■ Data extract:
---
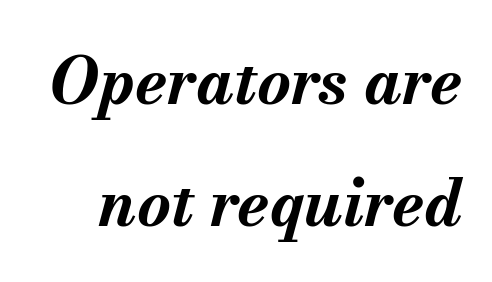
{"italic": "yes", "lean": "right", "slant_degrees": 13, "bold": "yes", "weight": "bold", "width": "normal", "stroke_contrast": "medium", "x_height": "small", "monospaced": "no", "underline": "no", "line_spacing_ratio": 1.87, "letter_spacing": "normal", "letter_spacing_em": 0.0, "glyph_px": 65}
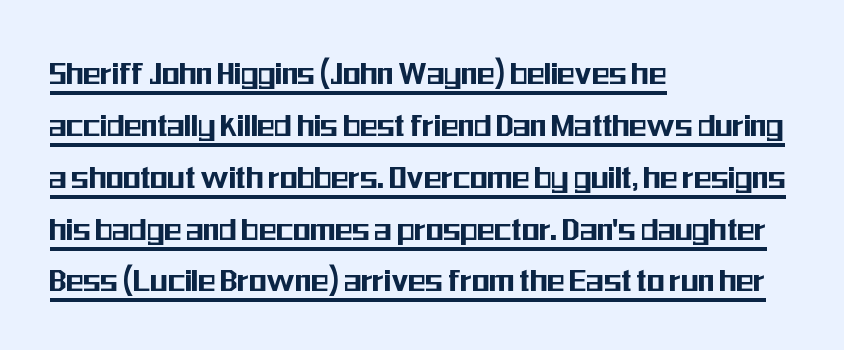
The image shows 36 px condensed sans-serif type, upright; set left-aligned, normal line spacing (1.44x), normal letter spacing, underlined; medium stroke contrast and a medium x-height.
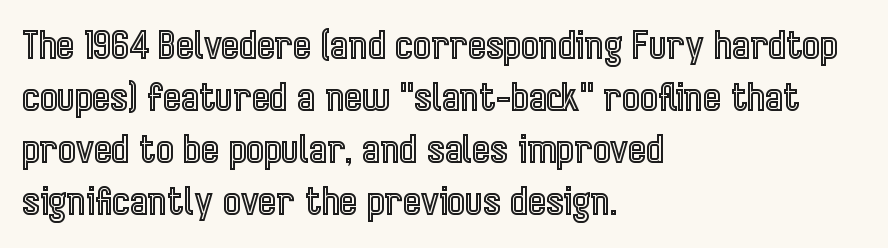
The setting favours the left margin, as ordinary paragraphs usually do. Each letter keeps its own natural width here, so spacing adapts to shape. Normally led — the rows are evenly, conventionally spaced. Decoration check: the copy has no underline. The rendering keeps characters at their native spacing.
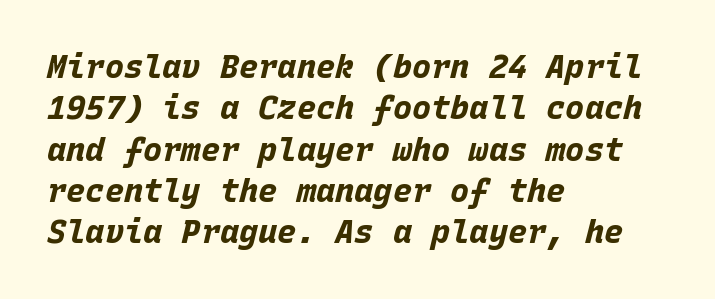
A classic flush-left, rag-right setting is used for this passage. Each letter, wide or thin by design, is forced into the same width here. No extra tracking has been applied to these lines. Posture: slanted. Stroke thickness is high; the sample reads as a true bold.
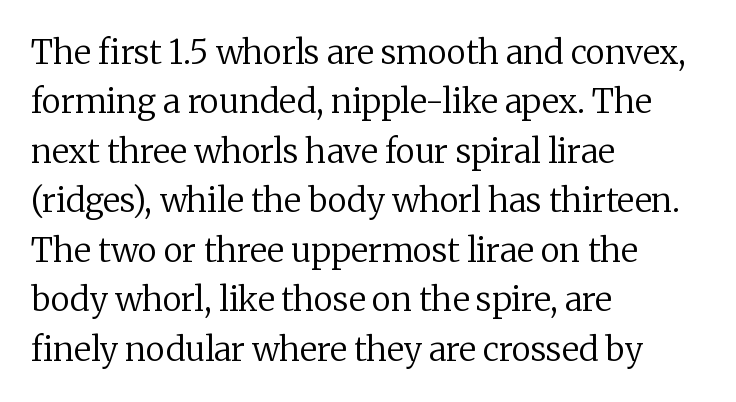
The image shows 33 px regular-weight serif type, upright; set left-aligned, normal line spacing (1.5x), normal letter spacing, not underlined; low stroke contrast and a medium x-height.
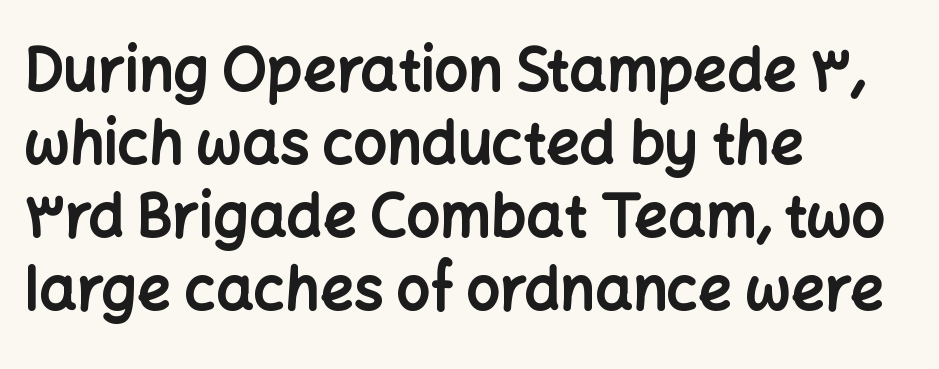
The zone under the glyphs is completely vacant. The font's upright variant was chosen for this text. The paragraph shown leans on its left margin. Unlike a traditional serif, this face leaves its strokes unadorned.
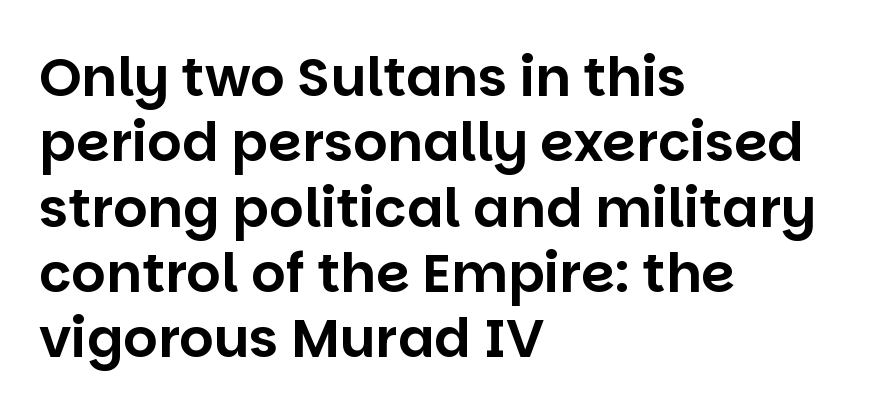
Q: Is the text italic (slanted)? A: No, it is upright.
Q: Is the typeface a serif or a sans-serif typeface? A: Sans-serif.
Q: Is the text underlined? A: No.
Q: How is the paragraph aligned? A: Left-aligned.
Q: Is the spacing between letters normal or unusually wide? A: Normal.
Q: Width (condensed, normal, or wide)? A: Normal.
Q: Stroke contrast? A: Low.
Q: x-height? A: Large.
Q: Monospaced? A: No.
---
■ What needs to be done:
Now transcribe the lines above exactly, starting at the line containing "The image shows 33" and ending at the line containing "Q: How is the", both lines included, pictures excluded.

■ Your solution:
The image shows 33 px regular-weight serif type, upright; set left-aligned, normal line spacing (1.5x), normal letter spacing, not underlined; low stroke contrast and a medium x-height.
The zone under the glyphs is completely vacant. The font's upright variant was chosen for this text. The paragraph shown leans on its left margin. Unlike a traditional serif, this face leaves its strokes unadorned.
Q: Is the text italic (slanted)? A: No, it is upright.
Q: Is the typeface a serif or a sans-serif typeface? A: Sans-serif.
Q: Is the text underlined? A: No.
Q: How is the paragraph aligned? A: Left-aligned.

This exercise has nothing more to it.